• [Data records]

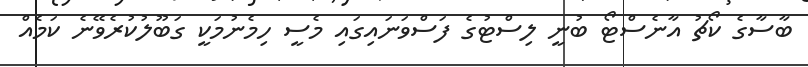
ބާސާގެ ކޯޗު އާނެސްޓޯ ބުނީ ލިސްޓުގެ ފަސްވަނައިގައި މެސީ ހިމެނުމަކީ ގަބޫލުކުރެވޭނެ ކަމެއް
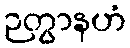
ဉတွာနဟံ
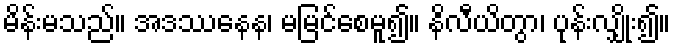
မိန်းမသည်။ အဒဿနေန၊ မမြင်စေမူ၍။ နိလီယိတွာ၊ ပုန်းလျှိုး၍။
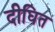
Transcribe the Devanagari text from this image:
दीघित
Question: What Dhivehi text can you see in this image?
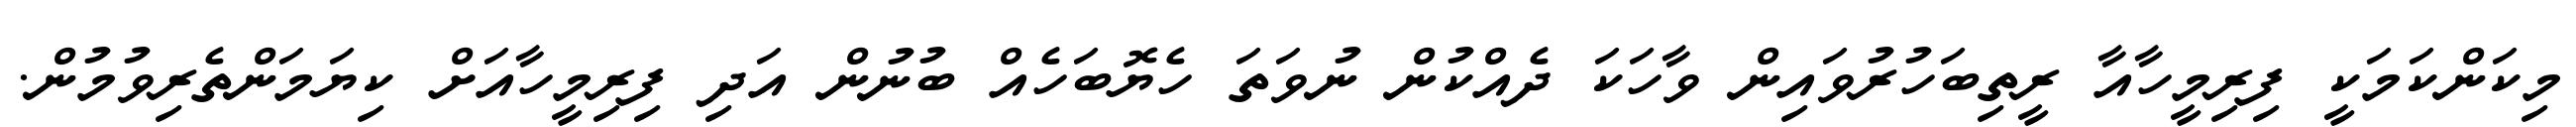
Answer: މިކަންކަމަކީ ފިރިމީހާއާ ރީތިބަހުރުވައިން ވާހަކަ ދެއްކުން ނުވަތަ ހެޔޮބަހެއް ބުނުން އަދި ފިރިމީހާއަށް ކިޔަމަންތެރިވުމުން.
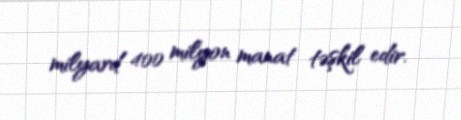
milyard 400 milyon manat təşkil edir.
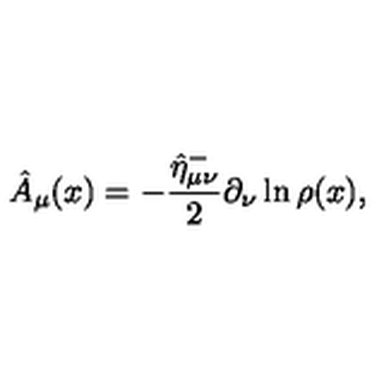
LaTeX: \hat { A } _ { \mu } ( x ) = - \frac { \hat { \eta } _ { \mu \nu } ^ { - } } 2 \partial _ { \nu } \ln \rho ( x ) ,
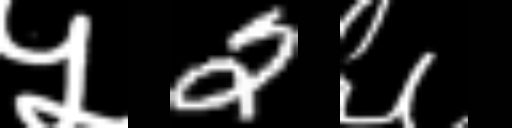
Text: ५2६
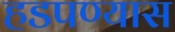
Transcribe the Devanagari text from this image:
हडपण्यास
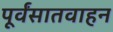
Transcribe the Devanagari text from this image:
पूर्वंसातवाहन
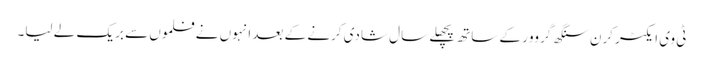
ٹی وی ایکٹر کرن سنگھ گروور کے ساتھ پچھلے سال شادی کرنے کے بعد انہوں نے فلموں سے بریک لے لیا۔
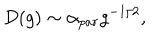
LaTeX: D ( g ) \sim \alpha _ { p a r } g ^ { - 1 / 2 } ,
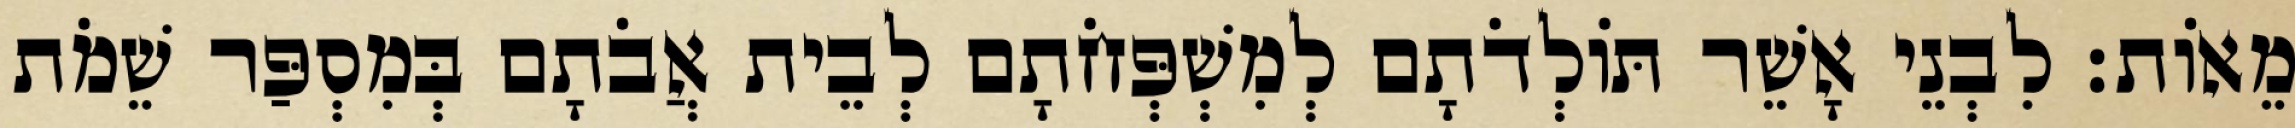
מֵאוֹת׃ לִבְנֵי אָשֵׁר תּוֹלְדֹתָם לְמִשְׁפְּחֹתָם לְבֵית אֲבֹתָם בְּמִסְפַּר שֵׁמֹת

• [What the exercise asks]
In the records, the line containing "Question: What Dhivehi" starts the span and the final line ends it. Output exactly that span, both ends included, with no pictures and nothing else.

• [Reply]
Question: What Dhivehi text can you see in this image?
Answer: މިކަންކަމަކީ ފިރިމީހާއާ ރީތިބަހުރުވައިން ވާހަކަ ދެއްކުން ނުވަތަ ހެޔޮބަހެއް ބުނުން އަދި ފިރިމީހާއަށް ކިޔަމަންތެރިވުމުން.
milyard 400 milyon manat təşkil edir.
LaTeX: \hat { A } _ { \mu } ( x ) = - \frac { \hat { \eta } _ { \mu \nu } ^ { - } } 2 \partial _ { \nu } \ln \rho ( x ) ,
Text: ५2६
Transcribe the Devanagari text from this image:
हडपण्यास
Transcribe the Devanagari text from this image:
पूर्वंसातवाहन
ٹی وی ایکٹر کرن سنگھ گروور کے ساتھ پچھلے سال شادی کرنے کے بعد انہوں نے فلموں سے بریک لے لیا۔
LaTeX: D ( g ) \sim \alpha _ { p a r } g ^ { - 1 / 2 } ,
מֵאוֹת׃ לִבְנֵי אָשֵׁר תּוֹלְדֹתָם לְמִשְׁפְּחֹתָם לְבֵית אֲבֹתָם בְּמִסְפַּר שֵׁמֹת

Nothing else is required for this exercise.